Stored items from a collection

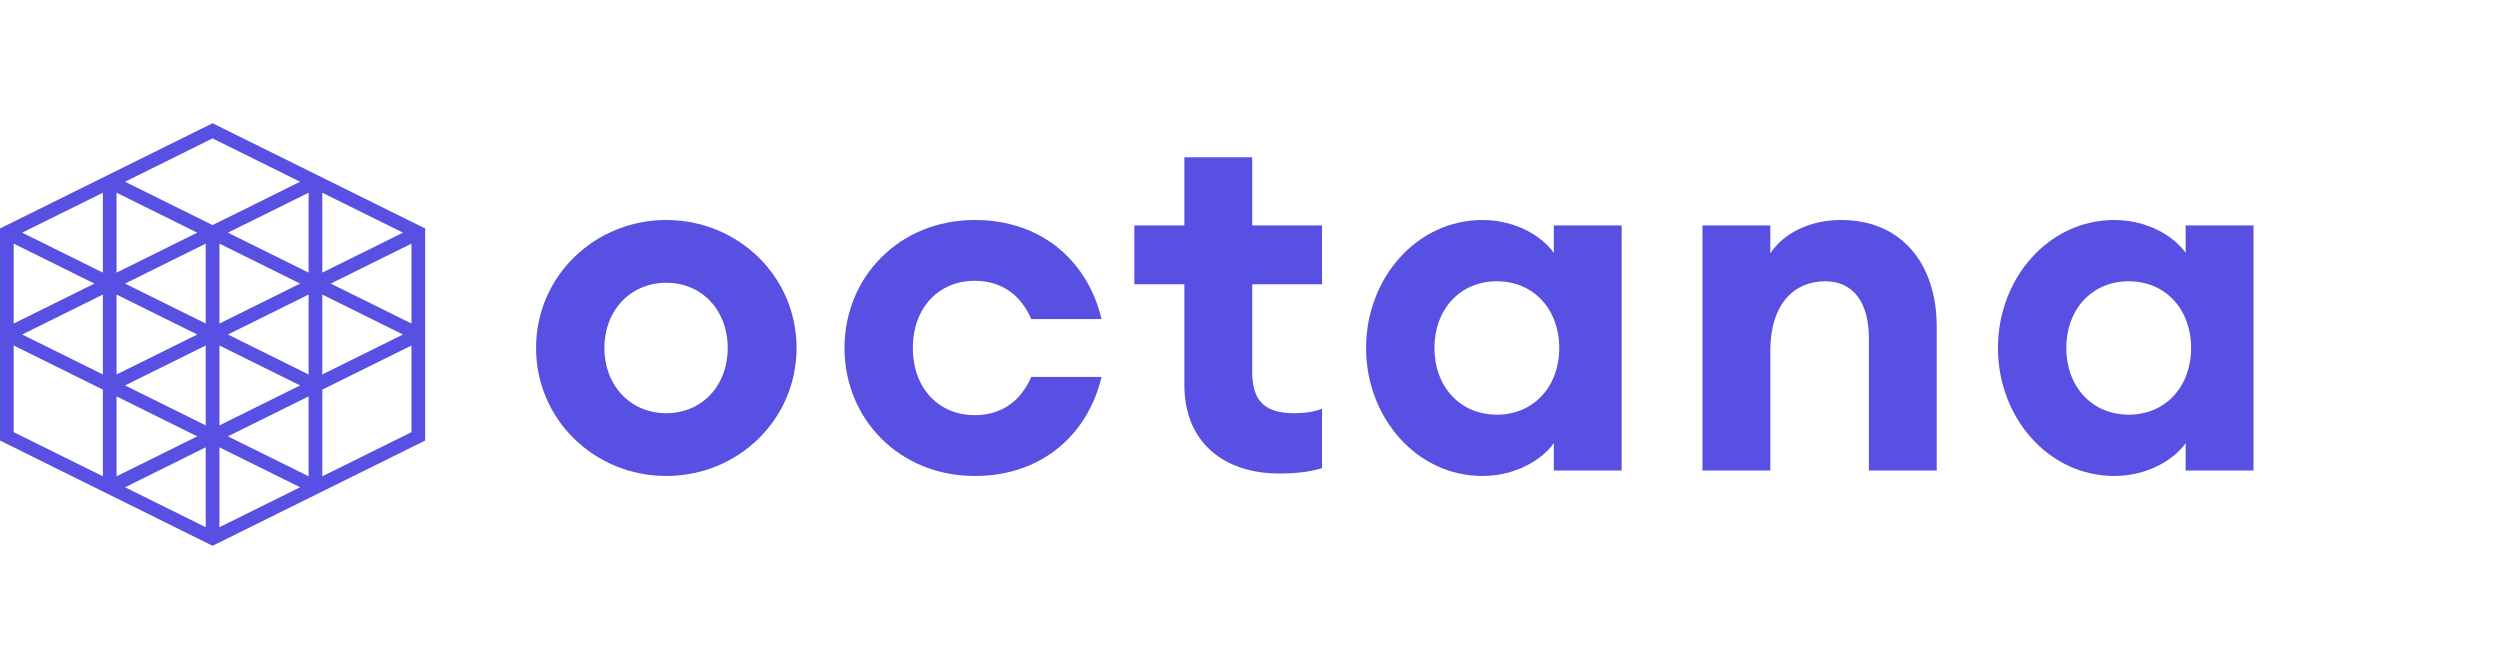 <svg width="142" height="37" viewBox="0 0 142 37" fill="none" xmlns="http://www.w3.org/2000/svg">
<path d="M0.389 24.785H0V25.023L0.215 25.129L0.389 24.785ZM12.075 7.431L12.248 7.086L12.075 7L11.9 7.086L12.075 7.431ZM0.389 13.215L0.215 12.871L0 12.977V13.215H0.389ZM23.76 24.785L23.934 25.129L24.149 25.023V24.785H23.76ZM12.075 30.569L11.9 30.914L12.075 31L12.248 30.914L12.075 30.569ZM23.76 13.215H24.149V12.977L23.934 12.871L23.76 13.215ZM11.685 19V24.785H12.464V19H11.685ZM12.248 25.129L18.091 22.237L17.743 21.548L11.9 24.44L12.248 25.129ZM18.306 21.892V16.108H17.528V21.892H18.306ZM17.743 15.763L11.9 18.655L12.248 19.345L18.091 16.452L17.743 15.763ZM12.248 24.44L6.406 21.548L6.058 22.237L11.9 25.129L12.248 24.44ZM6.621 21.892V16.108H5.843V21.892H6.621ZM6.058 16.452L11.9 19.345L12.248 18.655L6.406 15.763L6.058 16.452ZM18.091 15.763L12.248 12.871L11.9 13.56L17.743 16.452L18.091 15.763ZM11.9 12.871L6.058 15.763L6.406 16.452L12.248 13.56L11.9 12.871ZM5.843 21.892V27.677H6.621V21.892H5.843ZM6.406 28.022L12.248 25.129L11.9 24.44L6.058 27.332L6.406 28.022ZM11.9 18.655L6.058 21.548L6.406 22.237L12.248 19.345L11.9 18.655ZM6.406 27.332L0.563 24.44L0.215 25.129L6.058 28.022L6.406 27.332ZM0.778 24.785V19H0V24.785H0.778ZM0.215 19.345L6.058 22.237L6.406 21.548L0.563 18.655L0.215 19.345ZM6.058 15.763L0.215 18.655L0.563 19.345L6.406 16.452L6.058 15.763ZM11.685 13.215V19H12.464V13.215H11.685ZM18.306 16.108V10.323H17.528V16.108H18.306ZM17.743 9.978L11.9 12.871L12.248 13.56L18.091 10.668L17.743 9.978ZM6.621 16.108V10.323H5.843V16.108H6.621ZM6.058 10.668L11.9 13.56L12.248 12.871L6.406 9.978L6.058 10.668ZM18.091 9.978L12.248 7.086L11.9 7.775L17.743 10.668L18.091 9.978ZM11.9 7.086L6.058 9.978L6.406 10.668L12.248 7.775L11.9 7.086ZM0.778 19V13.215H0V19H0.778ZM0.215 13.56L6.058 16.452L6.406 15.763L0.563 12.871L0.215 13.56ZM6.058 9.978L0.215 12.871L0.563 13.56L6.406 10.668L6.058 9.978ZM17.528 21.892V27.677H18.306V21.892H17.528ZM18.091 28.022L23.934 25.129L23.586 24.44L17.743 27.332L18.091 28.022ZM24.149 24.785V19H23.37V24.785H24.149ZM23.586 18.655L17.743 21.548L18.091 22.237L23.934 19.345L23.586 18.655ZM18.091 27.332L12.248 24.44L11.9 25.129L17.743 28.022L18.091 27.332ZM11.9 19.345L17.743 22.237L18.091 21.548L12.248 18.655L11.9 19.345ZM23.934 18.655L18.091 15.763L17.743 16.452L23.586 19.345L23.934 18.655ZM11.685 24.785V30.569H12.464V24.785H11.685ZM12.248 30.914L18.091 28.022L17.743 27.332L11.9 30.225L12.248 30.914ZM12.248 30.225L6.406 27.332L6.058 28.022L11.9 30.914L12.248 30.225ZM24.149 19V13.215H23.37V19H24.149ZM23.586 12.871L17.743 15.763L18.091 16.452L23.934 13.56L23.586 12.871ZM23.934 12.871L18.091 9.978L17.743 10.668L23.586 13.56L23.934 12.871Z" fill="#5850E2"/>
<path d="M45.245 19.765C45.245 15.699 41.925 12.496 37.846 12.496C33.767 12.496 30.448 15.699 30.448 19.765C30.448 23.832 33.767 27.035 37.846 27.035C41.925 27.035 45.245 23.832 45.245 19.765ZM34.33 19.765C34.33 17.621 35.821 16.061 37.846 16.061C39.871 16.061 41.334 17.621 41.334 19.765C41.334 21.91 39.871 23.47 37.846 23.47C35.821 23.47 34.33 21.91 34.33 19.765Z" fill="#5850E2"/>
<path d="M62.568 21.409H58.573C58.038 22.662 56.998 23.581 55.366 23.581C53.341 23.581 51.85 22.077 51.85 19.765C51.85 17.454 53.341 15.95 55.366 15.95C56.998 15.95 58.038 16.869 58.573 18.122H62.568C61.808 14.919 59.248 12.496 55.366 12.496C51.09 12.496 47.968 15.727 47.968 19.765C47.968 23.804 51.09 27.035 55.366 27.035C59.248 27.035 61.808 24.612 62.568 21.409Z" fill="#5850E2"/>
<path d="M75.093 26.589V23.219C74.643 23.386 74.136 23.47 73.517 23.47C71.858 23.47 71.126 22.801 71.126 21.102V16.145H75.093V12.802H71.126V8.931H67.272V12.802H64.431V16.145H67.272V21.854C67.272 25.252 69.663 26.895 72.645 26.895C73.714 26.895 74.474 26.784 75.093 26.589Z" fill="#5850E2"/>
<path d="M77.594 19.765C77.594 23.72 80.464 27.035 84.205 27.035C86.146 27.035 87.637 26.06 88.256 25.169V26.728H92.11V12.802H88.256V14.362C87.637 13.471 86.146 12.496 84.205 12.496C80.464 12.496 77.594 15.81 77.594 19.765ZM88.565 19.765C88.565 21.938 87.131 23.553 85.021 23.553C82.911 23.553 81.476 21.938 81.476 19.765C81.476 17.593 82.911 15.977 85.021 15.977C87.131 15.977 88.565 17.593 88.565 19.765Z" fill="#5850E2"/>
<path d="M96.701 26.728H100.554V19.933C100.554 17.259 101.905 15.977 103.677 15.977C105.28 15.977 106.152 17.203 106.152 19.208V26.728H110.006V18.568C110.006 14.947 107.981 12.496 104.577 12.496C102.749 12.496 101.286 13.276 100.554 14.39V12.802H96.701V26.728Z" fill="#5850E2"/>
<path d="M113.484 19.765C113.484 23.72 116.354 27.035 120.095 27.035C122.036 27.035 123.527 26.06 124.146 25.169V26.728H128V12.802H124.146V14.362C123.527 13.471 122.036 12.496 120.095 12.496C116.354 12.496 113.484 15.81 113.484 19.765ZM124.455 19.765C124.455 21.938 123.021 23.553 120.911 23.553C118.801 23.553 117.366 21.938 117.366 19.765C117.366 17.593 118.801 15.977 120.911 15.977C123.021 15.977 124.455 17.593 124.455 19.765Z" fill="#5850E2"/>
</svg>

→ **WORK TASK**: Could the entries above be retyped exactly, with the pictures left out?

→ **FINISHED TASK**:
 <svg width="142" height="37" viewBox="0 0 142 37" fill="none" xmlns="http://www.w3.org/2000/svg">
<path d="M0.389 24.785H0V25.023L0.215 25.129L0.389 24.785ZM12.075 7.431L12.248 7.086L12.075 7L11.9 7.086L12.075 7.431ZM0.389 13.215L0.215 12.871L0 12.977V13.215H0.389ZM23.76 24.785L23.934 25.129L24.149 25.023V24.785H23.76ZM12.075 30.569L11.9 30.914L12.075 31L12.248 30.914L12.075 30.569ZM23.76 13.215H24.149V12.977L23.934 12.871L23.76 13.215ZM11.685 19V24.785H12.464V19H11.685ZM12.248 25.129L18.091 22.237L17.743 21.548L11.9 24.44L12.248 25.129ZM18.306 21.892V16.108H17.528V21.892H18.306ZM17.743 15.763L11.9 18.655L12.248 19.345L18.091 16.452L17.743 15.763ZM12.248 24.44L6.406 21.548L6.058 22.237L11.9 25.129L12.248 24.44ZM6.621 21.892V16.108H5.843V21.892H6.621ZM6.058 16.452L11.9 19.345L12.248 18.655L6.406 15.763L6.058 16.452ZM18.091 15.763L12.248 12.871L11.9 13.56L17.743 16.452L18.091 15.763ZM11.9 12.871L6.058 15.763L6.406 16.452L12.248 13.56L11.9 12.871ZM5.843 21.892V27.677H6.621V21.892H5.843ZM6.406 28.022L12.248 25.129L11.9 24.44L6.058 27.332L6.406 28.022ZM11.9 18.655L6.058 21.548L6.406 22.237L12.248 19.345L11.9 18.655ZM6.406 27.332L0.563 24.44L0.215 25.129L6.058 28.022L6.406 27.332ZM0.778 24.785V19H0V24.785H0.778ZM0.215 19.345L6.058 22.237L6.406 21.548L0.563 18.655L0.215 19.345ZM6.058 15.763L0.215 18.655L0.563 19.345L6.406 16.452L6.058 15.763ZM11.685 13.215V19H12.464V13.215H11.685ZM18.306 16.108V10.323H17.528V16.108H18.306ZM17.743 9.978L11.9 12.871L12.248 13.56L18.091 10.668L17.743 9.978ZM6.621 16.108V10.323H5.843V16.108H6.621ZM6.058 10.668L11.9 13.56L12.248 12.871L6.406 9.978L6.058 10.668ZM18.091 9.978L12.248 7.086L11.9 7.775L17.743 10.668L18.091 9.978ZM11.9 7.086L6.058 9.978L6.406 10.668L12.248 7.775L11.9 7.086ZM0.778 19V13.215H0V19H0.778ZM0.215 13.56L6.058 16.452L6.406 15.763L0.563 12.871L0.215 13.56ZM6.058 9.978L0.215 12.871L0.563 13.56L6.406 10.668L6.058 9.978ZM17.528 21.892V27.677H18.306V21.892H17.528ZM18.091 28.022L23.934 25.129L23.586 24.44L17.743 27.332L18.091 28.022ZM24.149 24.785V19H23.37V24.785H24.149ZM23.586 18.655L17.743 21.548L18.091 22.237L23.934 19.345L23.586 18.655ZM18.091 27.332L12.248 24.44L11.9 25.129L17.743 28.022L18.091 27.332ZM11.9 19.345L17.743 22.237L18.091 21.548L12.248 18.655L11.9 19.345ZM23.934 18.655L18.091 15.763L17.743 16.452L23.586 19.345L23.934 18.655ZM11.685 24.785V30.569H12.464V24.785H11.685ZM12.248 30.914L18.091 28.022L17.743 27.332L11.9 30.225L12.248 30.914ZM12.248 30.225L6.406 27.332L6.058 28.022L11.9 30.914L12.248 30.225ZM24.149 19V13.215H23.37V19H24.149ZM23.586 12.871L17.743 15.763L18.091 16.452L23.934 13.56L23.586 12.871ZM23.934 12.871L18.091 9.978L17.743 10.668L23.586 13.56L23.934 12.871Z" fill="#5850E2"/>
<path d="M45.245 19.765C45.245 15.699 41.925 12.496 37.846 12.496C33.767 12.496 30.448 15.699 30.448 19.765C30.448 23.832 33.767 27.035 37.846 27.035C41.925 27.035 45.245 23.832 45.245 19.765ZM34.33 19.765C34.33 17.621 35.821 16.061 37.846 16.061C39.871 16.061 41.334 17.621 41.334 19.765C41.334 21.91 39.871 23.47 37.846 23.47C35.821 23.47 34.33 21.91 34.33 19.765Z" fill="#5850E2"/>
<path d="M62.568 21.409H58.573C58.038 22.662 56.998 23.581 55.366 23.581C53.341 23.581 51.85 22.077 51.85 19.765C51.85 17.454 53.341 15.95 55.366 15.95C56.998 15.95 58.038 16.869 58.573 18.122H62.568C61.808 14.919 59.248 12.496 55.366 12.496C51.09 12.496 47.968 15.727 47.968 19.765C47.968 23.804 51.09 27.035 55.366 27.035C59.248 27.035 61.808 24.612 62.568 21.409Z" fill="#5850E2"/>
<path d="M75.093 26.589V23.219C74.643 23.386 74.136 23.47 73.517 23.47C71.858 23.47 71.126 22.801 71.126 21.102V16.145H75.093V12.802H71.126V8.931H67.272V12.802H64.431V16.145H67.272V21.854C67.272 25.252 69.663 26.895 72.645 26.895C73.714 26.895 74.474 26.784 75.093 26.589Z" fill="#5850E2"/>
<path d="M77.594 19.765C77.594 23.72 80.464 27.035 84.205 27.035C86.146 27.035 87.637 26.06 88.256 25.169V26.728H92.11V12.802H88.256V14.362C87.637 13.471 86.146 12.496 84.205 12.496C80.464 12.496 77.594 15.81 77.594 19.765ZM88.565 19.765C88.565 21.938 87.131 23.553 85.021 23.553C82.911 23.553 81.476 21.938 81.476 19.765C81.476 17.593 82.911 15.977 85.021 15.977C87.131 15.977 88.565 17.593 88.565 19.765Z" fill="#5850E2"/>
<path d="M96.701 26.728H100.554V19.933C100.554 17.259 101.905 15.977 103.677 15.977C105.28 15.977 106.152 17.203 106.152 19.208V26.728H110.006V18.568C110.006 14.947 107.981 12.496 104.577 12.496C102.749 12.496 101.286 13.276 100.554 14.39V12.802H96.701V26.728Z" fill="#5850E2"/>
<path d="M113.484 19.765C113.484 23.72 116.354 27.035 120.095 27.035C122.036 27.035 123.527 26.06 124.146 25.169V26.728H128V12.802H124.146V14.362C123.527 13.471 122.036 12.496 120.095 12.496C116.354 12.496 113.484 15.81 113.484 19.765ZM124.455 19.765C124.455 21.938 123.021 23.553 120.911 23.553C118.801 23.553 117.366 21.938 117.366 19.765C117.366 17.593 118.801 15.977 120.911 15.977C123.021 15.977 124.455 17.593 124.455 19.765Z" fill="#5850E2"/>
</svg>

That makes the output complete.